— TASK OBJECTIVE —
If a record holds a picture, leave the picture out and repeat everything else exactly.
+ + + + + + +
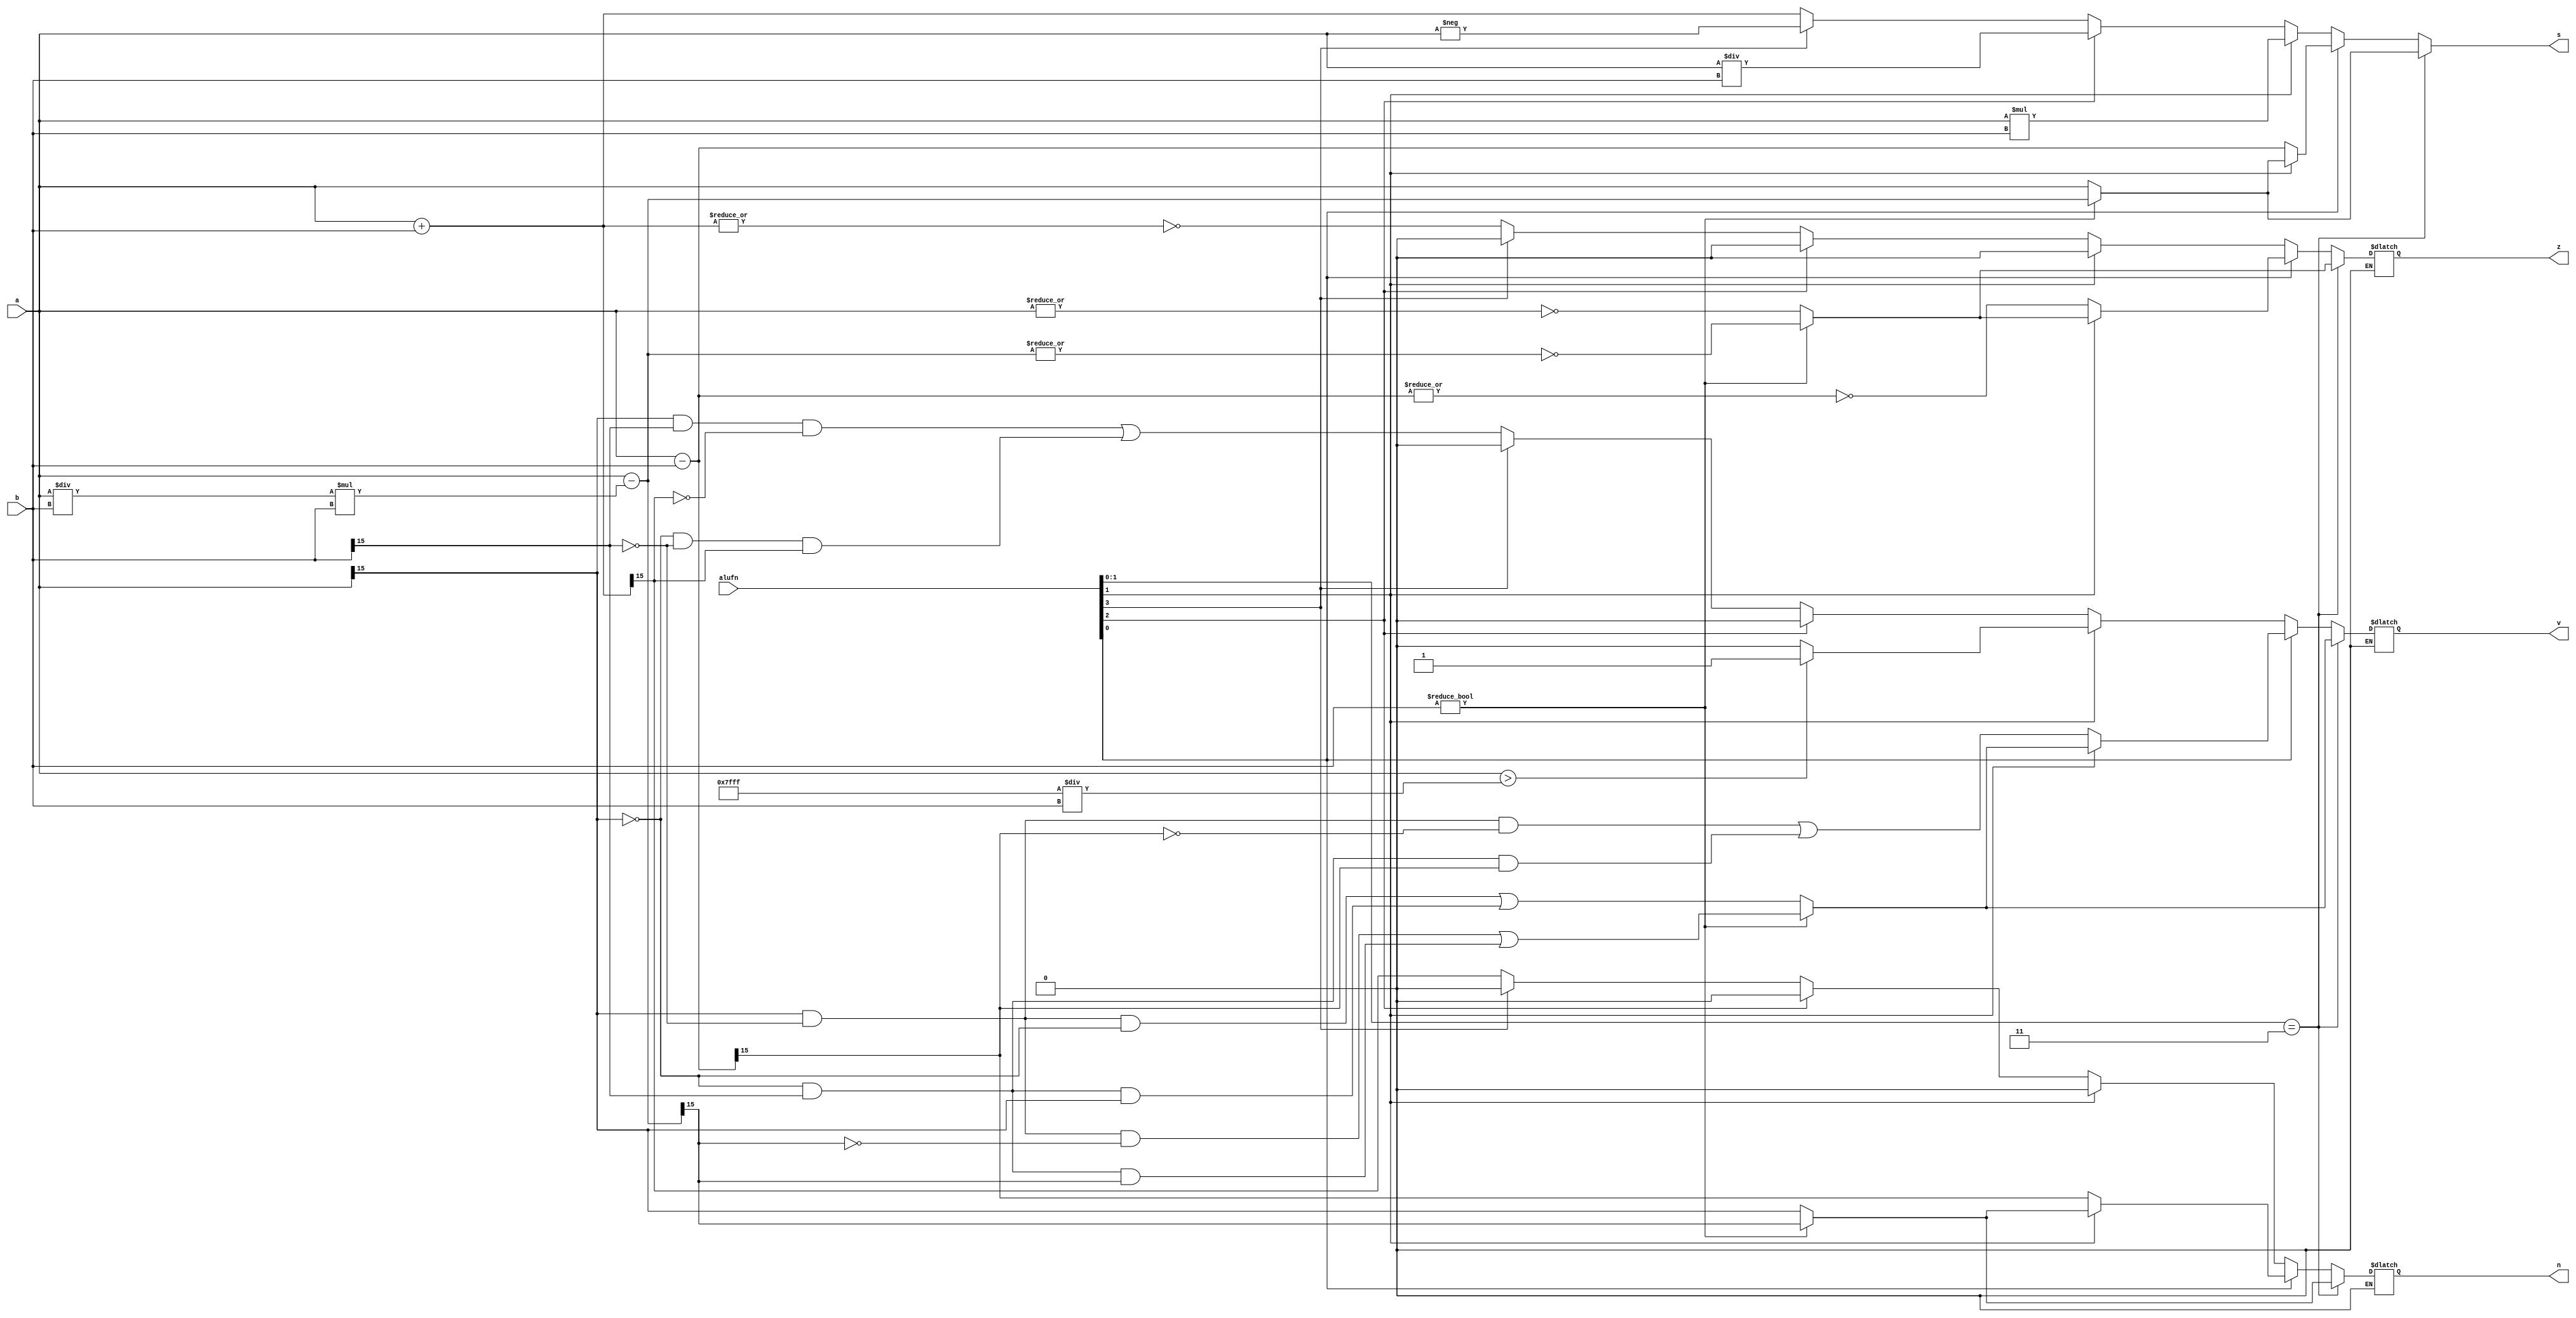
/*
   This file was generated automatically by Alchitry Labs version 1.2.0.
   Do not edit this file directly. Instead edit the original Lucid source.
   This is a temporary file and any changes made to it will be destroyed.
*/

module fasixteen_28 (
    input [15:0] a,
    input [15:0] b,
    input [3:0] alufn,
    output reg z,
    output reg v,
    output reg n,
    output reg [15:0] s
  );
  
  
  
  reg [15:0] out;
  reg [31:0] mout;
  
  always @* begin
    
    case (alufn[0+0-:1])
      1'h0: begin
        z = 1'h0;
        v = 1'h0;
        n = 1'h0;
        if (alufn[1+0-:1]) begin
          mout = $signed(a) * $signed(b);
          out = mout[0+15-:16];
          if ($signed(a) > 15'h7fff / $signed(b)) begin
            v = 1'h1;
          end else begin
            v = 1'h0;
          end
        end else begin
          if (alufn[2+0-:1]) begin
            out = $signed(a) / $signed(b);
          end else begin
            if (alufn[3+0-:1]) begin
              out = -$signed(a);
            end else begin
              out = a + b;
              z = (~|out);
              v = (((a[15+0-:1]) & (b[15+0-:1]) & (~out[15+0-:1])) | ((~a[15+0-:1]) & (~b[15+0-:1]) & (out[15+0-:1])));
              n = out[15+0-:1];
            end
          end
        end
      end
      1'h1: begin
        if (alufn[1+0-:1] == 1'h0) begin
          out = a - b;
          z = (~|out);
          v = (((a[15+0-:1]) & (~b[15+0-:1]) & (~out[15+0-:1])) | ((~a[15+0-:1]) & (b[15+0-:1]) & (out[15+0-:1])));
          n = out[15+0-:1];
        end else begin
          if (alufn[1+0-:1] == 1'h1) begin
            if (b != 1'h0) begin
              out = a - ((a / b) * b);
              z = (~|out);
              v = (((a[15+0-:1]) & (~b[15+0-:1]) & (~out[15+0-:1])) | ((~a[15+0-:1]) & (b[15+0-:1]) & (out[15+0-:1])));
              n = out[15+0-:1];
            end else begin
              out = a;
              z = (~|out);
              v = (((a[15+0-:1]) & (~b[15+0-:1]) & (~out[15+0-:1])) | ((~a[15+0-:1]) & (b[15+0-:1]) & (out[15+0-:1])));
              n = out[15+0-:1];
            end
          end
        end
      end
      default: begin
        out = 16'h0000;
        z = 1'h0;
        v = 1'h0;
        n = 1'h0;
      end
    endcase
    if (alufn[0+1-:2] == 2'h3) begin
      if (b != 1'h0) begin
        out = a - ((a / b) * b);
        z = (~|out);
        v = (((a[15+0-:1]) & (~b[15+0-:1]) & (~out[15+0-:1])) | ((~a[15+0-:1]) & (b[15+0-:1]) & (out[15+0-:1])));
        n = out[15+0-:1];
      end else begin
        out = a;
        z = (~|out);
        v = (((a[15+0-:1]) & (~b[15+0-:1]) & (~out[15+0-:1])) | ((~a[15+0-:1]) & (b[15+0-:1]) & (out[15+0-:1])));
        n = out[15+0-:1];
      end
    end
    s = out[0+15-:16];
  end
endmodule
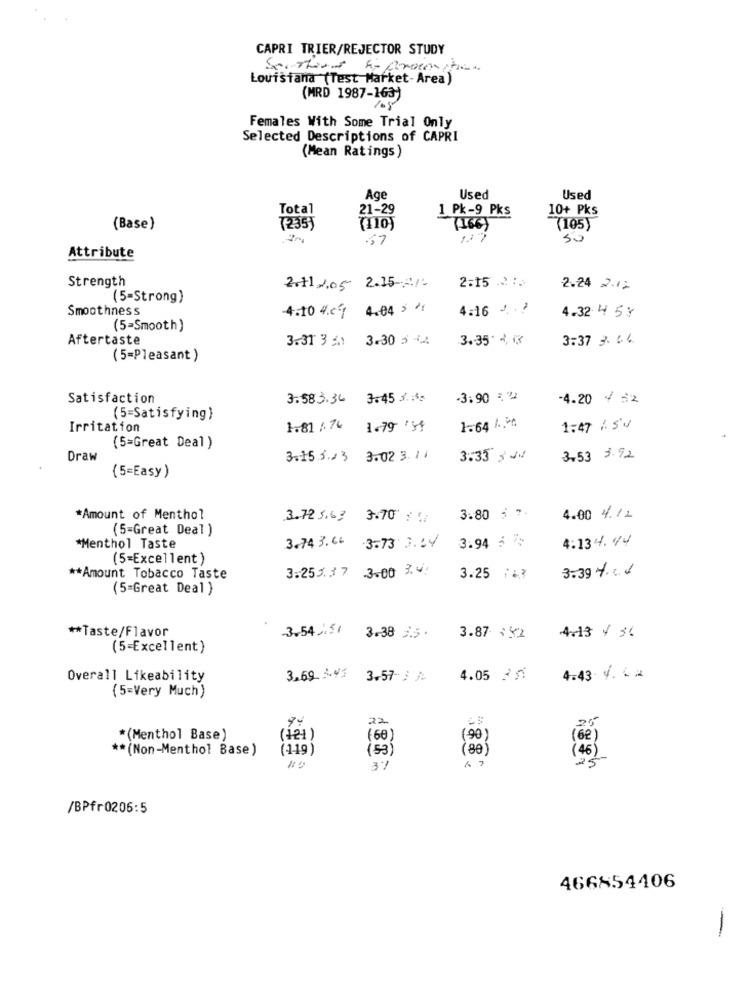
CAPRI TRIER/REJECTOR STUDY
Louisiana (Test Market- Area )
(MRD 1987-163)
1.5
Females With Some Trial Only
Selected Descriptions of CAPRI
(Mean Ratings)
Age
Used
Used
Total
21-29
1 Pk-9 Pks
10+ Pks
(Base)
(235)
(110)
(166)
(105)
.57
127
Attribute
Strength
2.11/05 2.15/
2:15 .2 :5
2.24 2.12
(5=Strong)
Smoothness
4.04 5
4:16 -. . ?
4.10 4.4
4.32 4 5%
(5=Smooth)
Aftertaste
3.31 3 : 3.30 5 44
3.35 -,
3:37 3. 04.
(5=Pleasant )
Satisfaction
3.583.34 3.45 3.
-3:90 ="
-4.20 4 22
(5=Satisfying)
Irritation
1.81 /74 1.79 51
1.64 LM
1:47 / SV
(5=Great Deal )
Draw
3.15.5.23 3.02 3.11
3.33 3 .
3.53 3.92
(5=Easy)
*Amount of Menthol
3.72 5.63 3.70 :
3.80 ; ?.
4.00 4. /1
(5=Great Deal )
3.74 3.64
4.134.94
*Menthol Taste
3.73 3.64
3.94 5 :
(5=Excellent)
3.253.17 .3.00 3.4
3.39 Y ....
** Amount Tobacco Taste
3.25 **?
(5=Great Deal )
** Taste/Flavor
3.54 ,151
4.13 4 56
3.38 5 .
3.87 : 32
(5=Excellent)
Overall Likeability
3.69 3.45
3.57 S /
4.05 3 51
4.43 4.12
(5=Very Much)
22
*(Menthol Base)
(+21)
(60)
(90)
(62)
** (Non-Menthol Base)
(119)
(53)
(80)
( 46)
/BPfr0206:5
466854406
-
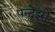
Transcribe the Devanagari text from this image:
पन्देइरो
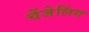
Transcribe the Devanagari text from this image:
चेंजेलिंग
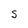
Character: S
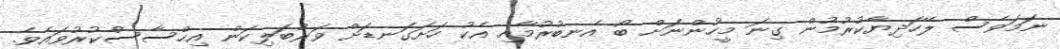
ނަމަވެސް ލޭހަދިޔާކުރުމުން ގިނަ މީހުންނަށް ބޯ އެނބުރުމާއި އެކު ހަށަގަނޑަށް ވަރުބަލިކަން އިޙްސާސްކުރުވައެވެ.
+ + + + + + +
— EXERCISE RESPONSE —
/*
   This file was generated automatically by Alchitry Labs version 1.2.0.
   Do not edit this file directly. Instead edit the original Lucid source.
   This is a temporary file and any changes made to it will be destroyed.
*/

module fasixteen_28 (
    input [15:0] a,
    input [15:0] b,
    input [3:0] alufn,
    output reg z,
    output reg v,
    output reg n,
    output reg [15:0] s
  );
  
  
  
  reg [15:0] out;
  reg [31:0] mout;
  
  always @* begin
    
    case (alufn[0+0-:1])
      1'h0: begin
        z = 1'h0;
        v = 1'h0;
        n = 1'h0;
        if (alufn[1+0-:1]) begin
          mout = $signed(a) * $signed(b);
          out = mout[0+15-:16];
          if ($signed(a) > 15'h7fff / $signed(b)) begin
            v = 1'h1;
          end else begin
            v = 1'h0;
          end
        end else begin
          if (alufn[2+0-:1]) begin
            out = $signed(a) / $signed(b);
          end else begin
            if (alufn[3+0-:1]) begin
              out = -$signed(a);
            end else begin
              out = a + b;
              z = (~|out);
              v = (((a[15+0-:1]) & (b[15+0-:1]) & (~out[15+0-:1])) | ((~a[15+0-:1]) & (~b[15+0-:1]) & (out[15+0-:1])));
              n = out[15+0-:1];
            end
          end
        end
      end
      1'h1: begin
        if (alufn[1+0-:1] == 1'h0) begin
          out = a - b;
          z = (~|out);
          v = (((a[15+0-:1]) & (~b[15+0-:1]) & (~out[15+0-:1])) | ((~a[15+0-:1]) & (b[15+0-:1]) & (out[15+0-:1])));
          n = out[15+0-:1];
        end else begin
          if (alufn[1+0-:1] == 1'h1) begin
            if (b != 1'h0) begin
              out = a - ((a / b) * b);
              z = (~|out);
              v = (((a[15+0-:1]) & (~b[15+0-:1]) & (~out[15+0-:1])) | ((~a[15+0-:1]) & (b[15+0-:1]) & (out[15+0-:1])));
              n = out[15+0-:1];
            end else begin
              out = a;
              z = (~|out);
              v = (((a[15+0-:1]) & (~b[15+0-:1]) & (~out[15+0-:1])) | ((~a[15+0-:1]) & (b[15+0-:1]) & (out[15+0-:1])));
              n = out[15+0-:1];
            end
          end
        end
      end
      default: begin
        out = 16'h0000;
        z = 1'h0;
        v = 1'h0;
        n = 1'h0;
      end
    endcase
    if (alufn[0+1-:2] == 2'h3) begin
      if (b != 1'h0) begin
        out = a - ((a / b) * b);
        z = (~|out);
        v = (((a[15+0-:1]) & (~b[15+0-:1]) & (~out[15+0-:1])) | ((~a[15+0-:1]) & (b[15+0-:1]) & (out[15+0-:1])));
        n = out[15+0-:1];
      end else begin
        out = a;
        z = (~|out);
        v = (((a[15+0-:1]) & (~b[15+0-:1]) & (~out[15+0-:1])) | ((~a[15+0-:1]) & (b[15+0-:1]) & (out[15+0-:1])));
        n = out[15+0-:1];
      end
    end
    s = out[0+15-:16];
  end
endmodule
CAPRI TRIER/REJECTOR STUDY
Louisiana (Test Market- Area )
(MRD 1987-163)
1.5
Females With Some Trial Only
Selected Descriptions of CAPRI
(Mean Ratings)
Age
Used
Used
Total
21-29
1 Pk-9 Pks
10+ Pks
(Base)
(235)
(110)
(166)
(105)
.57
127
Attribute
Strength
2.11/05 2.15/
2:15 .2 :5
2.24 2.12
(5=Strong)
Smoothness
4.04 5
4:16 -. . ?
4.10 4.4
4.32 4 5%
(5=Smooth)
Aftertaste
3.31 3 : 3.30 5 44
3.35 -,
3:37 3. 04.
(5=Pleasant )
Satisfaction
3.583.34 3.45 3.
-3:90 ="
-4.20 4 22
(5=Satisfying)
Irritation
1.81 /74 1.79 51
1.64 LM
1:47 / SV
(5=Great Deal )
Draw
3.15.5.23 3.02 3.11
3.33 3 .
3.53 3.92
(5=Easy)
*Amount of Menthol
3.72 5.63 3.70 :
3.80 ; ?.
4.00 4. /1
(5=Great Deal )
3.74 3.64
4.134.94
*Menthol Taste
3.73 3.64
3.94 5 :
(5=Excellent)
3.253.17 .3.00 3.4
3.39 Y ....
** Amount Tobacco Taste
3.25 **?
(5=Great Deal )
** Taste/Flavor
3.54 ,151
4.13 4 56
3.38 5 .
3.87 : 32
(5=Excellent)
Overall Likeability
3.69 3.45
3.57 S /
4.05 3 51
4.43 4.12
(5=Very Much)
22
*(Menthol Base)
(+21)
(60)
(90)
(62)
** (Non-Menthol Base)
(119)
(53)
(80)
( 46)
/BPfr0206:5
466854406
-
Transcribe the Devanagari text from this image:
पन्देइरो
Transcribe the Devanagari text from this image:
चेंजेलिंग
Character: S
ނަމަވެސް ލޭހަދިޔާކުރުމުން ގިނަ މީހުންނަށް ބޯ އެނބުރުމާއި އެކު ހަށަގަނޑަށް ވަރުބަލިކަން އިޙްސާސްކުރުވައެވެ.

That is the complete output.